■ TASK TO COMPLETE: Take the lines from the head of the listing through the one bearing "#2340=EDGE_CURVE('',#1833,#1842,#1065,.T.);" and copy them exactly, leaving every picture out.
┌─ STORED DATA
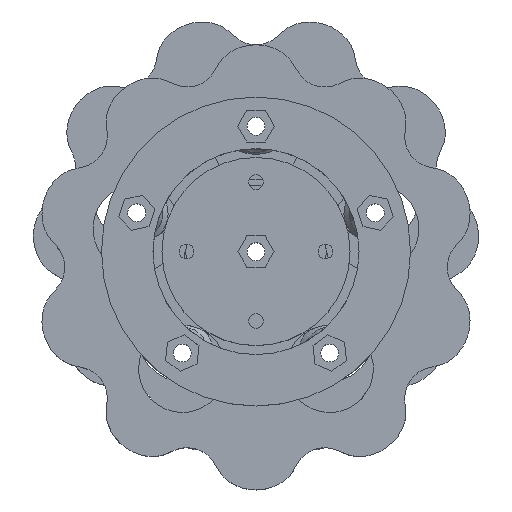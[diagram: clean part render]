
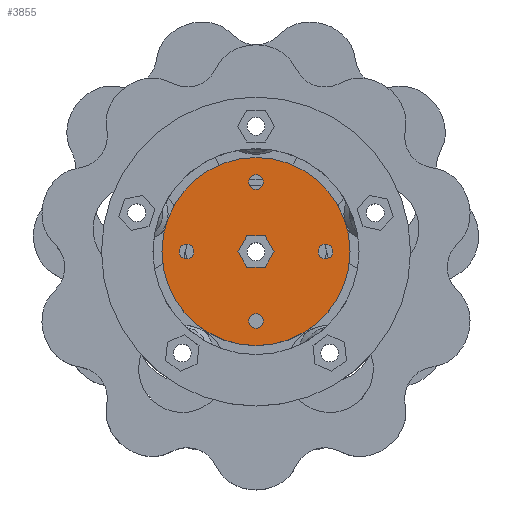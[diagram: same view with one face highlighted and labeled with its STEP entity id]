
A CAD part, top view. The second image highlights one B-rep face of the part: STEP entity #3855.
In plain terms, the highlighted planar face has unit normal (0, 0, 1).
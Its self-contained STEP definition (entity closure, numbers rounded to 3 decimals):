
#232=FACE_BOUND('',#815,.T.);
#233=FACE_BOUND('',#816,.T.);
#234=FACE_BOUND('',#817,.T.);
#235=FACE_BOUND('',#818,.T.);
#236=FACE_BOUND('',#819,.T.);
#338=PLANE('',#4249);
#527=FACE_OUTER_BOUND('',#814,.T.);
#814=EDGE_LOOP('',(#3375));
#815=EDGE_LOOP('',(#3376,#3377,#3378,#3379,#3380,#3381));
#816=EDGE_LOOP('',(#3382));
#817=EDGE_LOOP('',(#3383));
#818=EDGE_LOOP('',(#3384));
#819=EDGE_LOOP('',(#3385));
#1049=LINE('',#9954,#1275);
#1053=LINE('',#9962,#1279);
#1056=LINE('',#9968,#1282);
#1059=LINE('',#9974,#1285);
#1062=LINE('',#9980,#1288);
#1065=LINE('',#9985,#1291);
#1275=VECTOR('',#5076,10.);
#1279=VECTOR('',#5082,10.);
#1282=VECTOR('',#5087,10.);
#1285=VECTOR('',#5092,10.);
#1288=VECTOR('',#5097,10.);
#1291=VECTOR('',#5102,10.);
#1502=CIRCLE('',#4239,1.65);
#1503=CIRCLE('',#4242,1.65);
#1504=CIRCLE('',#4244,1.65);
#1505=CIRCLE('',#4246,1.65);
#1506=CIRCLE('',#4248,21.);
#1832=VERTEX_POINT('',#9952);
#1833=VERTEX_POINT('',#9953);
#1836=VERTEX_POINT('',#9961);
#1838=VERTEX_POINT('',#9967);
#1840=VERTEX_POINT('',#9973);
#1842=VERTEX_POINT('',#9979);
#1864=VERTEX_POINT('',#10059);
#1865=VERTEX_POINT('',#10064);
#1866=VERTEX_POINT('',#10068);
#1867=VERTEX_POINT('',#10072);
#1868=VERTEX_POINT('',#10076);
#2324=EDGE_CURVE('',#1832,#1833,#1049,.T.);
#2328=EDGE_CURVE('',#1836,#1832,#1053,.T.);
#2331=EDGE_CURVE('',#1838,#1836,#1056,.T.);
#2334=EDGE_CURVE('',#1840,#1838,#1059,.T.);
#2337=EDGE_CURVE('',#1842,#1840,#1062,.T.);
#2340=EDGE_CURVE('',#1833,#1842,#1065,.T.);
#2377=EDGE_CURVE('',#1864,#1864,#1502,.T.);
#2379=EDGE_CURVE('',#1865,#1865,#1503,.T.);
#2381=EDGE_CURVE('',#1866,#1866,#1504,.T.);
#2383=EDGE_CURVE('',#1867,#1867,#1505,.T.);
#2385=EDGE_CURVE('',#1868,#1868,#1506,.T.);
#3375=ORIENTED_EDGE('',*,*,#2385,.T.);
#3376=ORIENTED_EDGE('',*,*,#2324,.F.);
#3377=ORIENTED_EDGE('',*,*,#2328,.F.);
#3378=ORIENTED_EDGE('',*,*,#2331,.F.);
#3379=ORIENTED_EDGE('',*,*,#2334,.F.);
#3380=ORIENTED_EDGE('',*,*,#2337,.F.);
#3381=ORIENTED_EDGE('',*,*,#2340,.F.);
#3382=ORIENTED_EDGE('',*,*,#2379,.T.);
#3383=ORIENTED_EDGE('',*,*,#2383,.T.);
#3384=ORIENTED_EDGE('',*,*,#2377,.T.);
#3385=ORIENTED_EDGE('',*,*,#2381,.T.);
#3855=ADVANCED_FACE('',(#527,#232,#233,#234,#235,#236),#338,.T.);
#4239=AXIS2_PLACEMENT_3D('',#10061,#5199,#5200);
#4242=AXIS2_PLACEMENT_3D('',#10066,#5206,#5207);
#4244=AXIS2_PLACEMENT_3D('',#10070,#5211,#5212);
#4246=AXIS2_PLACEMENT_3D('',#10074,#5216,#5217);
#4248=AXIS2_PLACEMENT_3D('',#10078,#5221,#5222);
#4249=AXIS2_PLACEMENT_3D('',#10079,#5223,#5224);
#5076=DIRECTION('',(0.5,-0.866,0.));
#5082=DIRECTION('',(-0.5,-0.866,0.));
#5087=DIRECTION('',(-1.,0.,0.));
#5092=DIRECTION('',(-0.5,0.866,0.));
#5097=DIRECTION('',(0.5,0.866,0.));
#5102=DIRECTION('',(1.,0.,0.));
#5199=DIRECTION('center_axis',(0.,0.,
-1.));
#5200=DIRECTION('ref_axis',(-1.,0.,0.));
#5206=DIRECTION('center_axis',(0.,0.,
-1.));
#5207=DIRECTION('ref_axis',(-1.,0.,0.));
#5211=DIRECTION('center_axis',(0.,0.,
-1.));
#5212=DIRECTION('ref_axis',(-1.,0.,0.));
#5216=DIRECTION('center_axis',(0.,0.,
-1.));
#5217=DIRECTION('ref_axis',(-1.,0.,0.));
#5221=DIRECTION('center_axis',(0.,0.,
1.));
#5222=DIRECTION('ref_axis',(-1.,0.,0.));
#5223=DIRECTION('center_axis',(0.,0.,
1.));
#5224=DIRECTION('ref_axis',(-1.,0.,0.));
#9952=CARTESIAN_POINT('',(-4.041,0.,16.5));
#9953=CARTESIAN_POINT('',(-2.021,-3.5,16.5));
#9954=CARTESIAN_POINT('',(-3.536,-0.875,16.5));
#9961=CARTESIAN_POINT('',(-2.021,3.5,16.5));
#9962=CARTESIAN_POINT('',(-2.526,2.625,16.5));
#9967=CARTESIAN_POINT('',(2.021,3.5,16.5));
#9968=CARTESIAN_POINT('',(1.01,3.5,16.5));
#9973=CARTESIAN_POINT('',(4.041,0.,16.5));
#9974=CARTESIAN_POINT('',(3.536,0.875,16.5));
#9979=CARTESIAN_POINT('',(2.021,-3.5,16.5));
#9980=CARTESIAN_POINT('',(2.526,-2.625,16.5));
#9985=CARTESIAN_POINT('',(-1.01,-3.5,16.5));
#10059=CARTESIAN_POINT('',(-13.85,0.,16.5));
#10061=CARTESIAN_POINT('Origin',(-15.5,0.,16.5));
#10064=CARTESIAN_POINT('',(17.15,0.,16.5));
#10066=CARTESIAN_POINT('Origin',(15.5,0.,16.5));
#10068=CARTESIAN_POINT('',(1.65,15.5,16.5));
#10070=CARTESIAN_POINT('Origin',(0.,15.5,
16.5));
#10072=CARTESIAN_POINT('',(1.65,-15.5,16.5));
#10074=CARTESIAN_POINT('Origin',(0.,-15.5,
16.5));
#10076=CARTESIAN_POINT('',(21.,0.,16.5));
#10078=CARTESIAN_POINT('Origin',(0.,0.,
16.5));
#10079=CARTESIAN_POINT('Origin',(0.,0.,
16.5));
└─
■ REPLY TO THE TASK:
[diagram: clean part render]
[diagram: same view with one face highlighted and labeled with its STEP entity id]
A CAD part, top view. The second image highlights one B-rep face of the part: STEP entity #3855.
In plain terms, the highlighted planar face has unit normal (0, 0, 1).
Its self-contained STEP definition (entity closure, numbers rounded to 3 decimals):
#232=FACE_BOUND('',#815,.T.);
#233=FACE_BOUND('',#816,.T.);
#234=FACE_BOUND('',#817,.T.);
#235=FACE_BOUND('',#818,.T.);
#236=FACE_BOUND('',#819,.T.);
#338=PLANE('',#4249);
#527=FACE_OUTER_BOUND('',#814,.T.);
#814=EDGE_LOOP('',(#3375));
#815=EDGE_LOOP('',(#3376,#3377,#3378,#3379,#3380,#3381));
#816=EDGE_LOOP('',(#3382));
#817=EDGE_LOOP('',(#3383));
#818=EDGE_LOOP('',(#3384));
#819=EDGE_LOOP('',(#3385));
#1049=LINE('',#9954,#1275);
#1053=LINE('',#9962,#1279);
#1056=LINE('',#9968,#1282);
#1059=LINE('',#9974,#1285);
#1062=LINE('',#9980,#1288);
#1065=LINE('',#9985,#1291);
#1275=VECTOR('',#5076,10.);
#1279=VECTOR('',#5082,10.);
#1282=VECTOR('',#5087,10.);
#1285=VECTOR('',#5092,10.);
#1288=VECTOR('',#5097,10.);
#1291=VECTOR('',#5102,10.);
#1502=CIRCLE('',#4239,1.65);
#1503=CIRCLE('',#4242,1.65);
#1504=CIRCLE('',#4244,1.65);
#1505=CIRCLE('',#4246,1.65);
#1506=CIRCLE('',#4248,21.);
#1832=VERTEX_POINT('',#9952);
#1833=VERTEX_POINT('',#9953);
#1836=VERTEX_POINT('',#9961);
#1838=VERTEX_POINT('',#9967);
#1840=VERTEX_POINT('',#9973);
#1842=VERTEX_POINT('',#9979);
#1864=VERTEX_POINT('',#10059);
#1865=VERTEX_POINT('',#10064);
#1866=VERTEX_POINT('',#10068);
#1867=VERTEX_POINT('',#10072);
#1868=VERTEX_POINT('',#10076);
#2324=EDGE_CURVE('',#1832,#1833,#1049,.T.);
#2328=EDGE_CURVE('',#1836,#1832,#1053,.T.);
#2331=EDGE_CURVE('',#1838,#1836,#1056,.T.);
#2334=EDGE_CURVE('',#1840,#1838,#1059,.T.);
#2337=EDGE_CURVE('',#1842,#1840,#1062,.T.);
#2340=EDGE_CURVE('',#1833,#1842,#1065,.T.);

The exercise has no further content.